* [DIRECTIONS]: An exact reproduction of the entries is needed. Keep all pictures out of it.

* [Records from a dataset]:
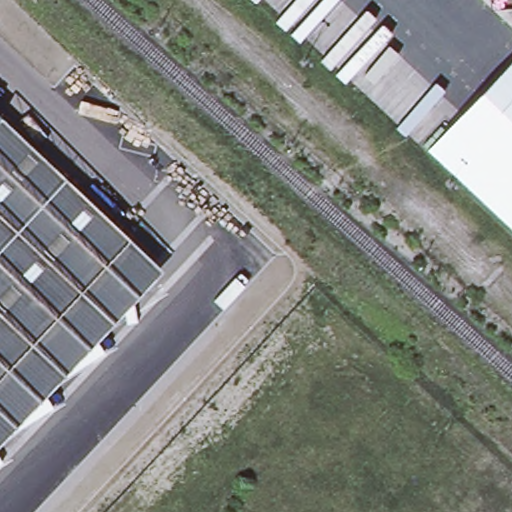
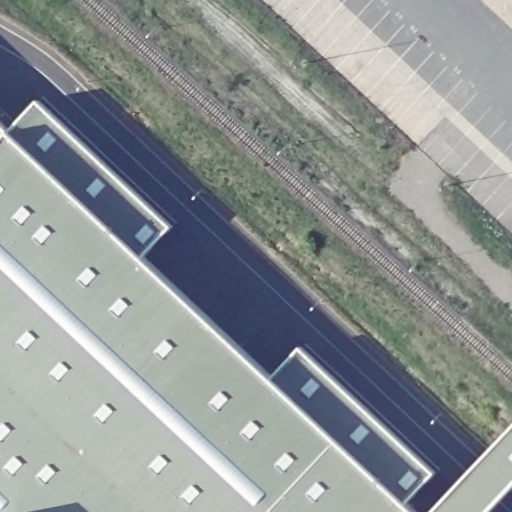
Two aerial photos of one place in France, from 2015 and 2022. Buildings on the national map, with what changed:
unchanged [(0,377),(0,122),(128,240),(0,377)]
new [(266,384),(303,357),(437,477),(410,509),(413,512),(0,512),(0,377),(128,240),(266,384)]

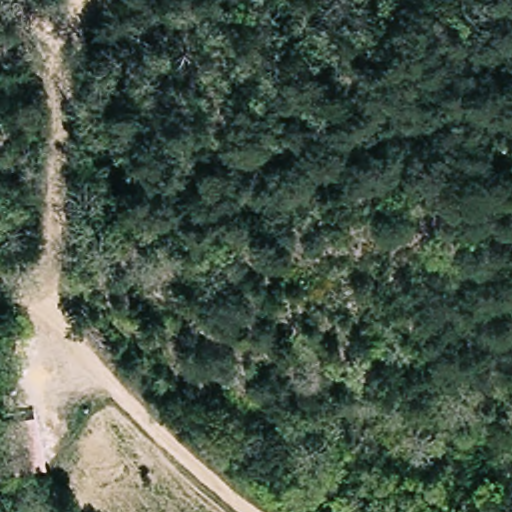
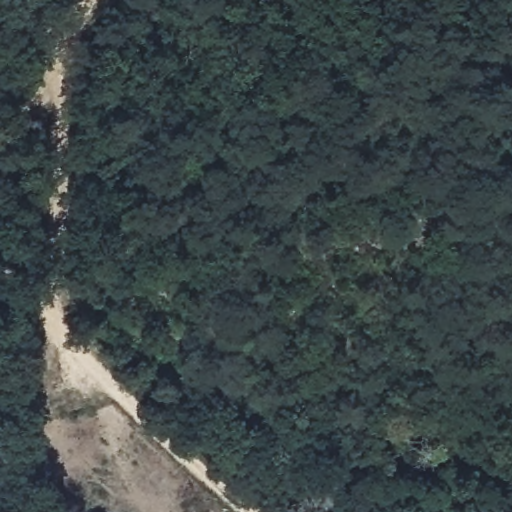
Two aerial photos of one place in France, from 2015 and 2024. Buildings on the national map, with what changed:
[]

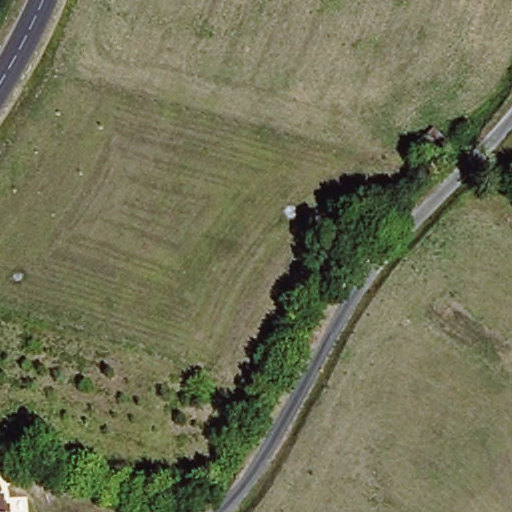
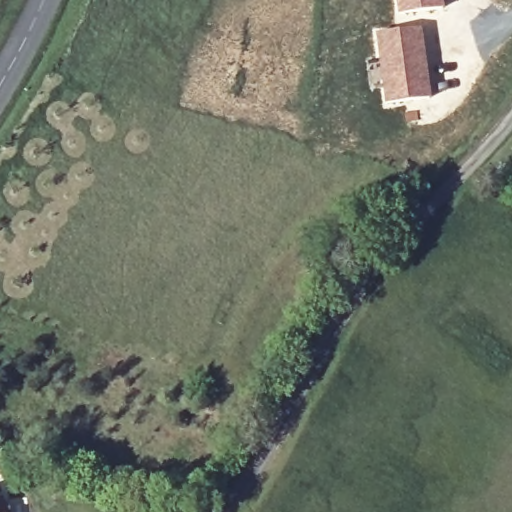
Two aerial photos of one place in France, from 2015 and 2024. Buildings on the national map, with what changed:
new [(396,14),(394,0),(445,0),(445,6),(396,14)]
new [(421,26),(432,96),(383,104),(374,33),(421,26)]
unchanged [(2,495),(7,512),(0,512),(0,495),(2,495)]

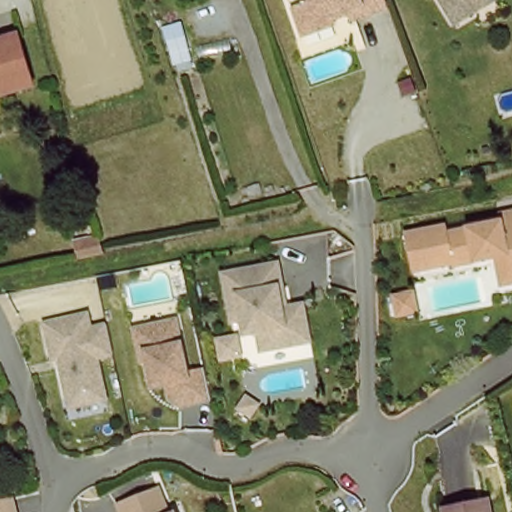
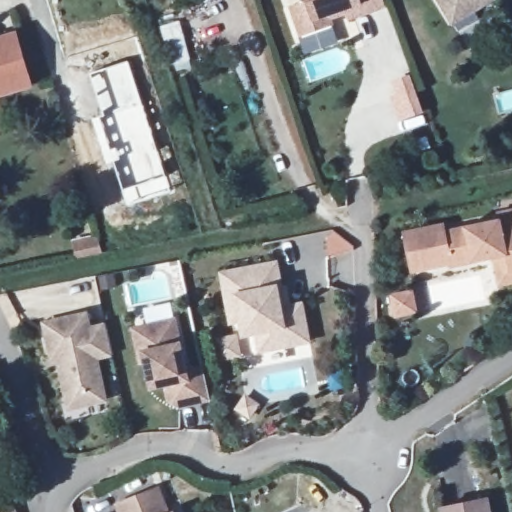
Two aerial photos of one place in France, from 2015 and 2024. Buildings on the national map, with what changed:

* [ANSWER TO THE PROBLEM]:
Two aerial photos of one place in France, from 2015 and 2022. Buildings on the national map, with what changed:
unchanged [(0,377),(0,122),(128,240),(0,377)]
new [(266,384),(303,357),(437,477),(410,509),(413,512),(0,512),(0,377),(128,240),(266,384)]

Two aerial photos of one place in France, from 2015 and 2024. Buildings on the national map, with what changed:
[]

Two aerial photos of one place in France, from 2015 and 2024. Buildings on the national map, with what changed:
new [(396,14),(394,0),(445,0),(445,6),(396,14)]
new [(421,26),(432,96),(383,104),(374,33),(421,26)]
unchanged [(2,495),(7,512),(0,512),(0,495),(2,495)]

Two aerial photos of one place in France, from 2015 and 2024. Buildings on the national map, with what changed:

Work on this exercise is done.